Cyber Resilience

CVE-2026-1499

High

Published: 06 February 2026

Published
06 February 2026
Modified
15 April 2026
KEV Added
Patch
CVSS Score v3.1 8.8 CVSS:3.1/AV:N/AC:L/PR:L/UI:N/S:U/C:H/I:H/A:H
EPSS Score 0.0094 56.3th percentile
Risk Priority 55 floored blend · peak EPSS

Summary

CVE-2026-1499 is a high-severity Missing Authorization (CWE-862) vulnerability in Wordpress (inferred from references). Its CVSS base score is 8.8 (High).

Operationally, exploitation aligns with the MITRE ATT&CK technique Exploit Public-Facing Application (T1190); ranked in the top 43.7% of CVEs by exploit likelihood; it is not currently listed in the CISA KEV catalog.

The strongest mitigations our analysis identified are NIST 800-53 AC-3 (Access Enforcement) and AC-6 (Least Privilege).

Deeper analysis

The WP Duplicate plugin for WordPress is vulnerable to missing authorization that enables arbitrary file upload in all versions through 1.1.8. The flaw stems from the absence of a capability check on the process_add_site AJAX action together with path traversal in the upload code, allowing an authenticated user to set the prod_key_random_id option and subsequently abuse the handle_upload_single_big_file function for unauthenticated file writes that result in remote code execution. The issue carries a CVSS 3.1 score of 8.8 and is tracked under CWE-862.
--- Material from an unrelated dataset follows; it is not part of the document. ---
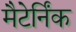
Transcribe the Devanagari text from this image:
मैटेर्निंक
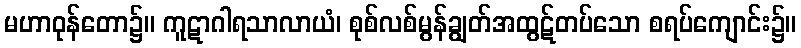
မဟာဝုန်တော၌။ ကူဋာဂါရသာလာယံ၊ စုစ်လစ်မွန်ချွတ်အထွဋ်တပ်သော စရပ်ကျောင်း၌။

An authenticated subscriber-level attacker can first invoke the unprotected AJAX handler to configure the internal prod_key_random_id value. An unauthenticated attacker can then leverage that value to bypass authentication checks and write arbitrary files to the server, achieving remote code execution on the affected WordPress site.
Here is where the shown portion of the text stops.